Shortly after reaching the Volga River and investing the city of Stalingrad, the Germans launched an offensive using their 6th Army and a corps of the 5th Army. The attack was supported by an intense Luftwaffe bombing that reduced the entire city to rubble. In the early stages of the fighting, the Soviets would use suicidal human wave attacks to repel the Germans. The battle degenerated into house-to-house fighting as both sides poured in seemingly endless reinforcements. By November, the Germans had captured all but a couple of narrow Soviet bridgeheads on the west bank of the Volga. Hitler pre-maturely announced to the German people news that Stalingrad had been captured. On November 19, with the Germans sensing that victory was within their grasp, the Soviets launched their own surprise counter offensive dubbed Operation Uranus. This two pronged attack across the Volga River targeted the two Romanian armies which were protecting the German 6thArmy’s flanks.  The Romanians were quickly overrun, resulting in the besieging German 6th Army becoming themselves encircled in Stalingrad. Hitler was furious at this development and he ordered the 6th Army to “hold at all costs”. No breakout was to be attempted by the surrounded Axis forces. Luftwaffe Commander Field Marshal Hermann Goring boasted that his fleet of Ju52 transport aircraft could keep the Axis pocket supplied. However, Goring’s ambitions could not be fulfilled. The Sixth army was steadily reduced through the deadly attrition of close quarter combat. Even after an outside German rescue attempt had been repulsed and the resupply by air had proven to be woefully inadequate, the Axis troops in the rubble of Stalingrad fought on for two more months.

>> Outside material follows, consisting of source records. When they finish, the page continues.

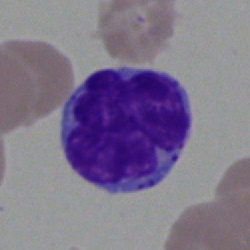
Morphology → typical lymphocyte.
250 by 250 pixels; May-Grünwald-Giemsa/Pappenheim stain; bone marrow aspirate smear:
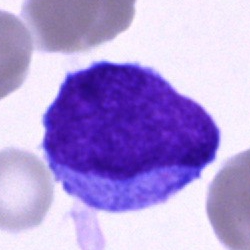

This is a blast cell.
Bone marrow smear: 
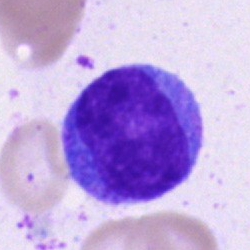

Cell: blast cell.
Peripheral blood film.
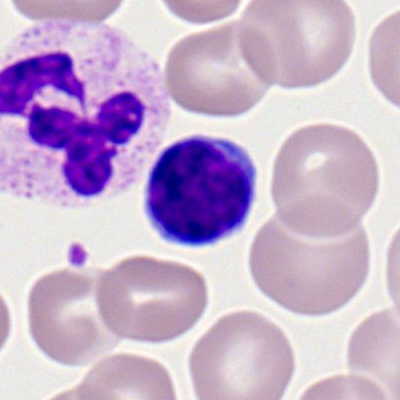

Impression → lymphocyte.
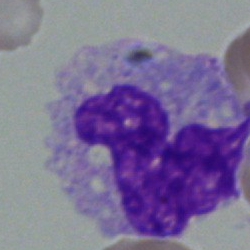
A monocyte on a bone marrow smear.
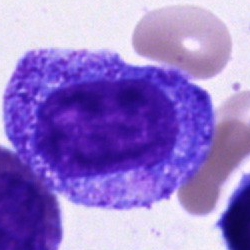
Q: What is shown here?
A: This is a progranulocyte.
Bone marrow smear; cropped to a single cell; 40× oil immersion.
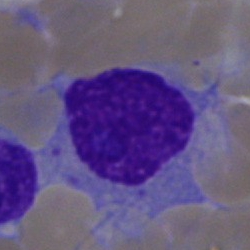Single cell identified as a plasmacyte.
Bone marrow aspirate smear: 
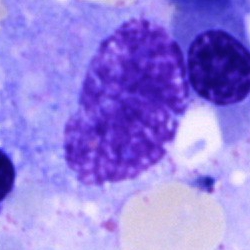The morphological class is artefact.
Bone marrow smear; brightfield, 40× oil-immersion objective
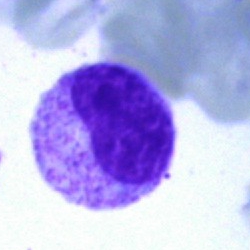

Morphological class: metamyelocyte.
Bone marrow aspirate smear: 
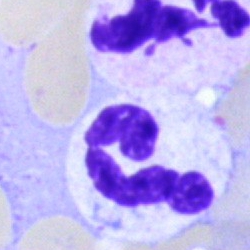Showing a segmented neutrophil.
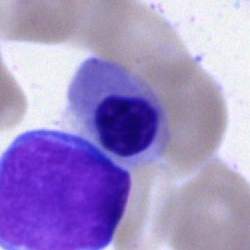

The cell type is normoblast.
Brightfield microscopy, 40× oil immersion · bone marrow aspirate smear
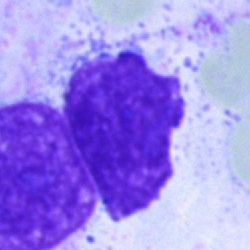
Cell: artefact.
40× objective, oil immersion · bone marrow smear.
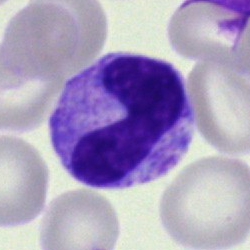

Cell = band-form neutrophil.

On February 2, 1943, having exhausted their food, fuel and ammunition the survivors of the 6th Army finally capitulated. This was the first surrender of an entire German Field Army in World War II. By the end of Operation Uranus, Soviet forces captured about 200,000 soldiers, officers, and generals. These prisoners included Friedrich von Paulus who just three days prior to the capitulation had been promoted to the rank of Field Marshal by Hitler. The promotion came with a reminder to Paulus that“not a single [German] Field Marshal had ever been taken prisoner”. Nevertheless, Field Marshal von Pasulus did surrender and that act was the harbinger of the impending doom for Hitler’s Third Reich. Eighty years ago this month, the world watched in awe and admiration as the Soviet military’s self sacrifice shattered forever the myth of Nazi invincibility.